## [Assignment]
From the first line of the records down to the one that holds "Figure 1. In", transcribe each line exactly and add nothing.

[Material for this exercise — start]

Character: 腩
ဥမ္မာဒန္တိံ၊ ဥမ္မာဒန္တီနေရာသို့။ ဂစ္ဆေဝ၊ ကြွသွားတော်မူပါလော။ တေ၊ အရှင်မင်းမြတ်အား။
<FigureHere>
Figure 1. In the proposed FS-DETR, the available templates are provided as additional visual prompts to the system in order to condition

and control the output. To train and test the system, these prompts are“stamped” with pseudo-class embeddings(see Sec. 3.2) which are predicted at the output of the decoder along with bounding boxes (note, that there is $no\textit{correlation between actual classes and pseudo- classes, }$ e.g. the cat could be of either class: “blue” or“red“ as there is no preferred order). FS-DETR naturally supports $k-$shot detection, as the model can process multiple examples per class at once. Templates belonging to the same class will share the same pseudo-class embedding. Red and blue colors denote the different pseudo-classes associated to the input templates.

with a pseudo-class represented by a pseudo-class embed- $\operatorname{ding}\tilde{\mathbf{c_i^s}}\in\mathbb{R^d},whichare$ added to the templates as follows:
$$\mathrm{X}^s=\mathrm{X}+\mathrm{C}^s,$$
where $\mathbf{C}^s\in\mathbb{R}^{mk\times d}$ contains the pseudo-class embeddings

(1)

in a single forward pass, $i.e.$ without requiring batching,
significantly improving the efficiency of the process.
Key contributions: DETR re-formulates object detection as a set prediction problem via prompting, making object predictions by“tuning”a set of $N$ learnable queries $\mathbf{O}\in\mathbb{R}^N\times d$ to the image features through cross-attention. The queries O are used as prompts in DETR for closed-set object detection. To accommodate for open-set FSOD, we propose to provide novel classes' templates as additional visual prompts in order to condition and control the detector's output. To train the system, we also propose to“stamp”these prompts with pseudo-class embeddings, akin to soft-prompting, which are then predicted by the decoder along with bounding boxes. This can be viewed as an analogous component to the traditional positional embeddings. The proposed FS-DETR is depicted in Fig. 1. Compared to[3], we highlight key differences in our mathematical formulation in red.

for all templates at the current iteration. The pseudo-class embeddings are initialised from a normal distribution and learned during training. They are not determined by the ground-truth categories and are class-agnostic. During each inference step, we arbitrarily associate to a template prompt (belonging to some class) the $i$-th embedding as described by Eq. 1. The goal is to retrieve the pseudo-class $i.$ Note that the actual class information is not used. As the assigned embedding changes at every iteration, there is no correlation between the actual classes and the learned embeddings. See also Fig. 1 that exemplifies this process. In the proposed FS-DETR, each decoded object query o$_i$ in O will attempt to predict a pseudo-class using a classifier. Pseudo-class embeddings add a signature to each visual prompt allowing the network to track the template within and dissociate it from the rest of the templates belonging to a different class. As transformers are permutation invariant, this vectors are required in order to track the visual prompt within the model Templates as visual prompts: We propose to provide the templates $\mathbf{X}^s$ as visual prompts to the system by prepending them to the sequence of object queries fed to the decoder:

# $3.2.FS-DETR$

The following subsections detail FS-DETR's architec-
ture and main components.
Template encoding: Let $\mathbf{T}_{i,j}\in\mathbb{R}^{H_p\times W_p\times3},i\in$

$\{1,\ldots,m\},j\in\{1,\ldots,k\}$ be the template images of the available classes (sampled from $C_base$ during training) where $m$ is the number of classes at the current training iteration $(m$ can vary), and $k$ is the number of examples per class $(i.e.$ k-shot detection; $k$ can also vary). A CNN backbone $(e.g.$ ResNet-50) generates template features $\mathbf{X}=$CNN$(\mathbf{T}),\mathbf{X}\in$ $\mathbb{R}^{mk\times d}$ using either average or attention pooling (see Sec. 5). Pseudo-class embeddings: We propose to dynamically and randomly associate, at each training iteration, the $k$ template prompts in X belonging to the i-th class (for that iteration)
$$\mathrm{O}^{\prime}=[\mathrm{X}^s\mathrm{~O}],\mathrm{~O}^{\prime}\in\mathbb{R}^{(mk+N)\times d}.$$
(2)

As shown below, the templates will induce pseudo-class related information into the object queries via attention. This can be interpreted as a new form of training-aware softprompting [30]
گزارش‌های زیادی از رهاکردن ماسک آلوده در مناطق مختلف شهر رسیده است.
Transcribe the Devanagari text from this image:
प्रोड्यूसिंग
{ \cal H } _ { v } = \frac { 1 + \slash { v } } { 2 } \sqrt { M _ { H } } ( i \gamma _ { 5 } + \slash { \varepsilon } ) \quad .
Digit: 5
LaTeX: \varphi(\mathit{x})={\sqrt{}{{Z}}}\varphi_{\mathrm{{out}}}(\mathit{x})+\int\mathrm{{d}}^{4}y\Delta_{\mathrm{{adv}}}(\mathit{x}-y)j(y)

[Material for this exercise — finish]

## [Written solution]
Character: 腩
ဥမ္မာဒန္တိံ၊ ဥမ္မာဒန္တီနေရာသို့။ ဂစ္ဆေဝ၊ ကြွသွားတော်မူပါလော။ တေ၊ အရှင်မင်းမြတ်အား။
<FigureHere>
Figure 1. In the proposed FS-DETR, the available templates are provided as additional visual prompts to the system in order to condition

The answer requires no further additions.